ASSIGNMENT -
Give a faithful, exact copy of all entries, minus the images.

RECORDS SHOWN -
--------------------------------------------------

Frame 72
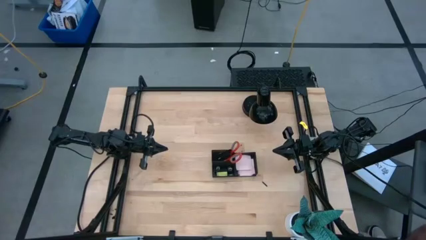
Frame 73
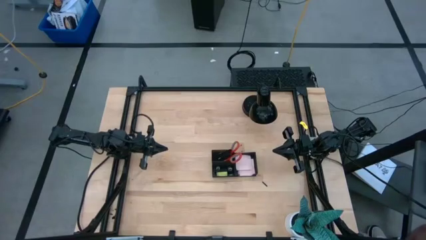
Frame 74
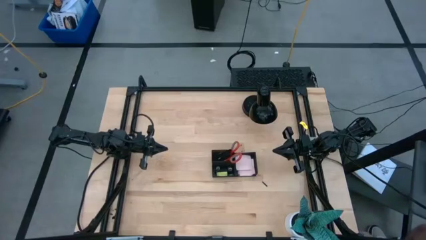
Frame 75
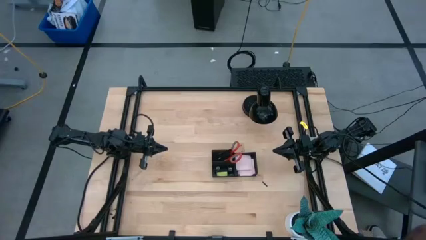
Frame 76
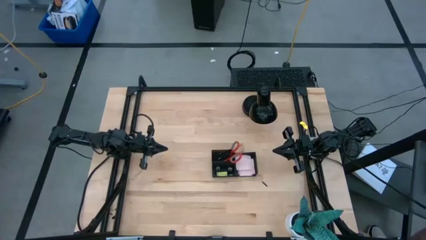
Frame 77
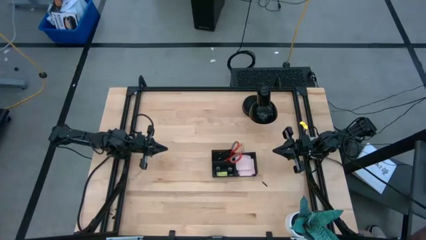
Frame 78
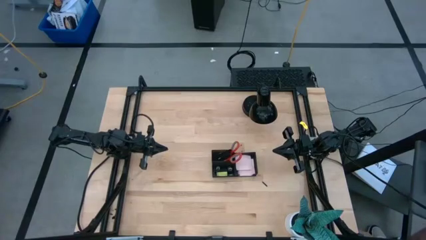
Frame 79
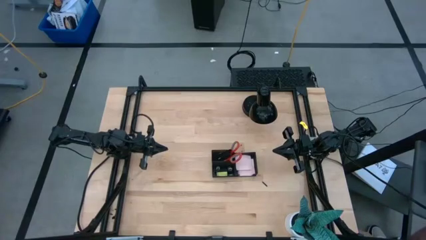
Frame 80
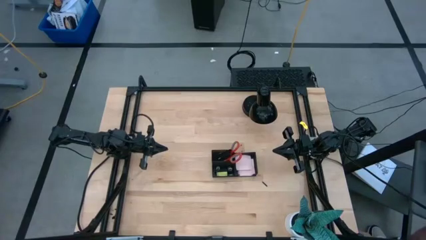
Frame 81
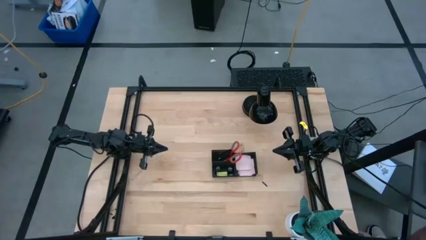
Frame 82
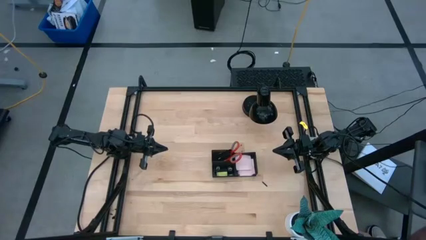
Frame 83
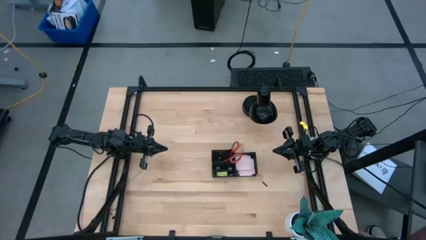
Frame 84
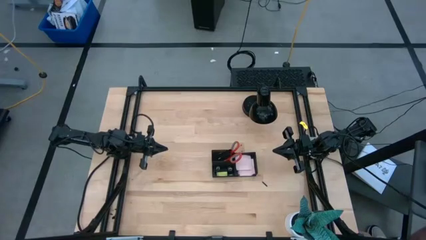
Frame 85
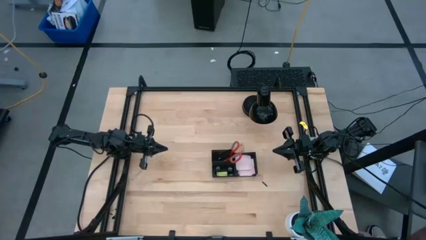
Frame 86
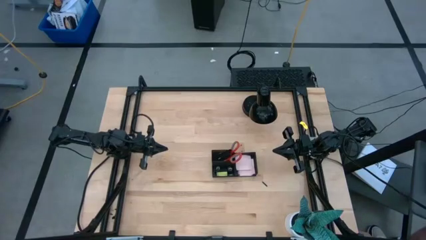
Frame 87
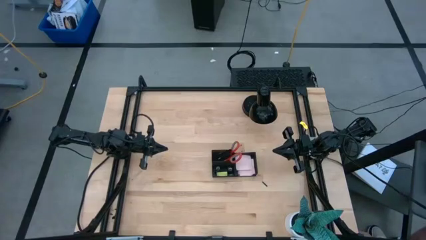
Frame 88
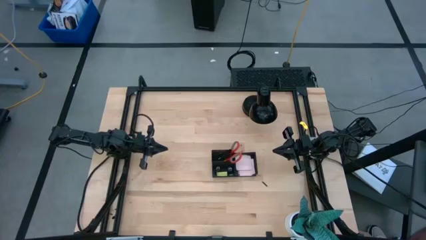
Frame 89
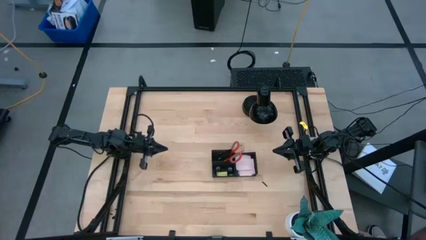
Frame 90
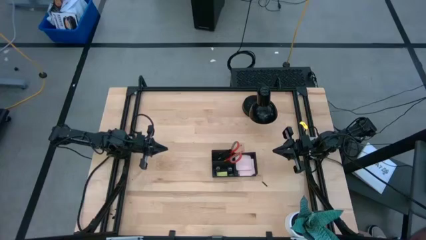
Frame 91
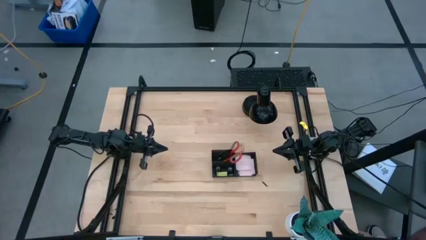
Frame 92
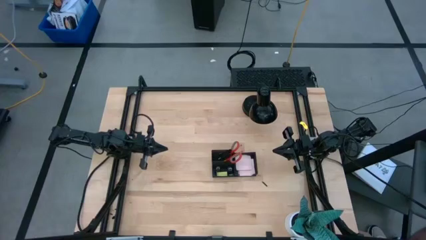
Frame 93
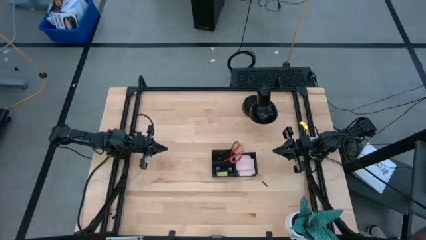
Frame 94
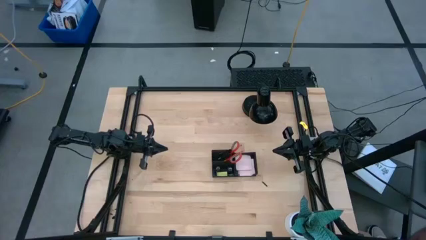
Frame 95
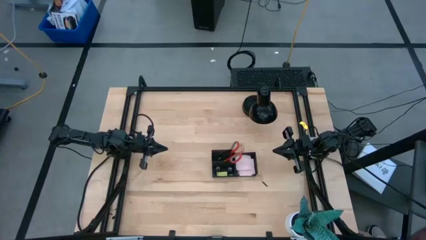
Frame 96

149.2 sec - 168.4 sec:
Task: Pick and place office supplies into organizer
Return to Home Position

--------------------------------------------------

COMPLETED EXERCISE -
Frame 72
Frame 73
Frame 74
Frame 75
Frame 76
Frame 77
Frame 78
Frame 79
Frame 80
Frame 81
Frame 82
Frame 83
Frame 84
Frame 85
Frame 86
Frame 87
Frame 88
Frame 89
Frame 90
Frame 91
Frame 92
Frame 93
Frame 94
Frame 95
Frame 96

149.2 sec - 168.4 sec:
Task: Pick and place office supplies into organizer
Return to Home Position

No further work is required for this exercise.